Scientists at the U.S. Department of Energy's Brookhaven National Laboratory have developed a tool to quantitatively measure elusive atmospheric chemicals that play a key role in forming photochemical smog. The device measures atmospheric hydroperoxyl radicals - short-lived, highly reactive intermediates involved in forming ozone, a component of photochemical smog - in the lowest layer of Earth's atmosphere. The levels of these radicals can indicate which chemical pathways predominate in converting hydrocarbons, nitrogen oxides, and water vapor into smog in the presence of sunlight.
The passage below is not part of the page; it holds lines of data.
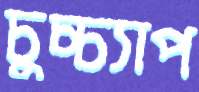
চুচ্চ্যাপ
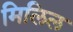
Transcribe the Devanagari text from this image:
मिलिल
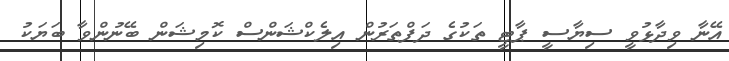
އޭނާ ވިދާޅުވީ ސިޔާސީ ޕާޓީ ތަކުގެ ދަފްތަރުން އިލެކްޝަންސް ކޮމިޝަން ބޭނުންވާ ބަޔަކު
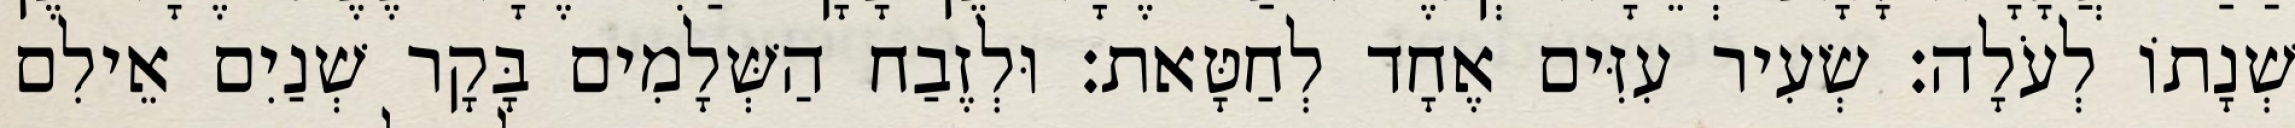
שְׁנָתוֹ לְעֹלָה׃ שְׂעִיר עִזִּים אֶחָד לְחַטָּאת׃ וּלְזֶבַח הַשְּׁלָמִים בָּקָר שְׁנַיִם אֵילִם
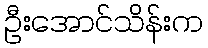
ဦးအောင်သိန်းက
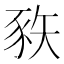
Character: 𰶦
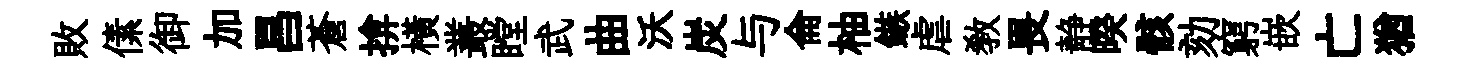
敗傃御加昌蒼揜橫叢瞠武曲沃炭与侖柚鏃虐敎畏静暌骸劾窮嵌亡猶
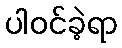
ပါဝင်ခဲ့ရာ
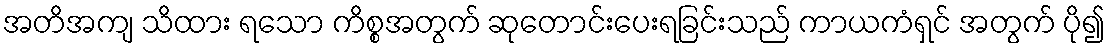
အတိအကျ သိထား ရသော ကိစ္စအတွက် ဆုတောင်းပေးရခြင်းသည် ကာယကံရှင် အတွက် ပို၍
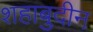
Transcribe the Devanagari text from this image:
शहाबुदीन
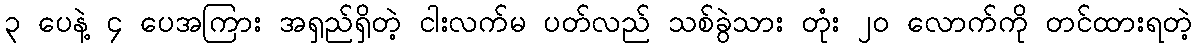
၃ ပေနဲ့ ၄ ပေအကြား အရှည်ရှိတဲ့ ငါးလက်မ ပတ်လည် သစ်ခွဲသား တုံး ၂၀ လောက်ကို တင်ထားရတဲ့
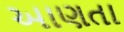
આણતા
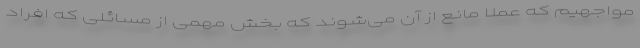
مواجهیم که عملاً مانع از آن می‌شوند که بخش مهمی از مسائلی که افراد
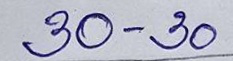
30 - 30
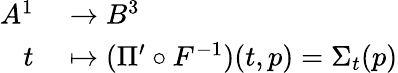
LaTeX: \begin{array}{rl}{A^{1}}&{{}\to B^{3}}\\ {t}&{{}\mapsto(\Pi^{\prime}\circ F^{-1})(t,p)=\Sigma_{t}(p)}\end{array}
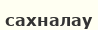
сахналау
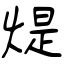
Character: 煶
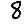
Digit: 8
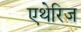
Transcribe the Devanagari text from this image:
एथेरिज
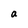
Character: a
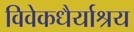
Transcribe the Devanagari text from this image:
विवेकधैर्याश्रय
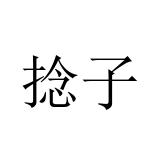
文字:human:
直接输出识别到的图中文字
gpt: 捻子
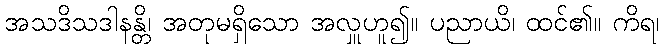
အသဒိသဒါနန္တိ၊ အတုမရှိသော အလှူဟူ၍။ ပညာယိ၊ ထင်၏။ ကိရ၊
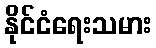
နိုင်ငံရေးသမား
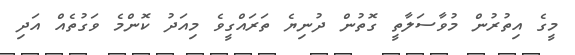
މީގެ އިތުރުން މުވާސަލާތީ ގޮތުން ދުނިޔެ ތަރައްގީވެ މިއަދު ކޮންމެ ވަގުތެއް އަދި
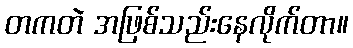
တကတဲ အဖြစ်သည်းနေလိုက်တာ။
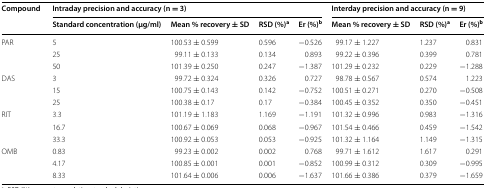
| <ROWSPAN=2> Compound | <COLSPAN=4> Intraday precision and accuracy (n = 3) | <COLSPAN=3> Interday precision and accuracy (n = 9) |
 | Standard concentration (μg/ml) | Mean % recovery ± SD | RSD (%)a | Er (%)b | Mean % recovery ± SD | RSD (%)a | Er (%)b |
 | --- | --- | --- | --- | --- | --- | --- | --- |
 | <ROWSPAN=3> PAR | 5 | 100.53 ± 0.599 | 0.596 | −0.526 | 99.17 ± 1.227 | 1.237 | 0.831 |
 | 25 | 99.11 ± 0.133 | 0.134 | 0.893 | 99.22 ± 0.396 | 0.399 | 0.781 |
 | 50 | 101.39 ± 0.250 | 0.247 | −1.387 | 101.29 ± 0.232 | 0.229 | −1.288 |
 | <ROWSPAN=3> DAS | 3 | 99.72 ± 0.324 | 0.326 | 0.727 | 98.78 ± 0.567 | 0.574 | 1.223 |
 | 15 | 100.75 ± 0.143 | 0.142 | −0.752 | 100.51 ± 0.271 | 0.270 | −0.508 |
 | 25 | 100.38 ± 0.17 | 0.17 | −0.384 | 100.45 ± 0.352 | 0.350 | −0.451 |
 | <ROWSPAN=3> RIT | 3.3 | 101.19 ± 1.183 | 1.169 | −1.191 | 101.32 ± 0.996 | 0.983 | −1.316 |
 | 16.7 | 100.67 ± 0.069 | 0.068 | −0.967 | 101.54 ± 0.466 | 0.459 | −1.542 |
 | 33.3 | 100.92 ± 0.053 | 0.053 | −0.925 | 101.32 ± 1.164 | 1.149 | −1.315 |
 | <ROWSPAN=3> OMB | 0.83 | 99.23 ± 0.002 | 0.002 | 0.768 | 99.71 ± 1.612 | 1.617 | 0.291 |
 | 4.17 | 100.85 ± 0.001 | 0.001 | −0.852 | 100.99 ± 0.312 | 0.309 | −0.995 |
 | 8.33 | 101.64 ± 0.006 | 0.006 | −1.637 | 101.66 ± 0.386 | 0.379 | −1.659 |
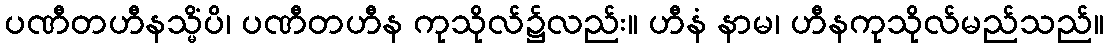
ပဏီတဟီနသ္မိံပိ၊ ပဏီတဟီန ကုသိုလ်၌လည်း။ ဟီနံ နာမ၊ ဟီနကုသိုလ်မည်သည်။
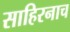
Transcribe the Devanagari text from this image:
साहिरनाच
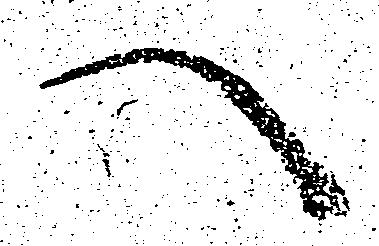
へ

Previous detectors for hydroperoxyl radicals have been cumbersome and costly. The new device is comparatively small, lightweight, and inexpensive, consumes low power, and gives a sensitive, fast response. It detects a "glowing" signal from a chemiluminescent compound - similar to the compound that makes fireflies glow - when it reacts with the hydroperoxyl radicals in atmospheric samples fed into the device during flight.
The device has been tested in a mountaintop setting, but has not yet been deployed on an aircraft for a sampling mission. It is designed to be flown on atmospheric sampling aircraft, such as the Department of Energy's Gulfstream 1, used by Brookhaven and other national laboratory scientists for various atmospheric studies.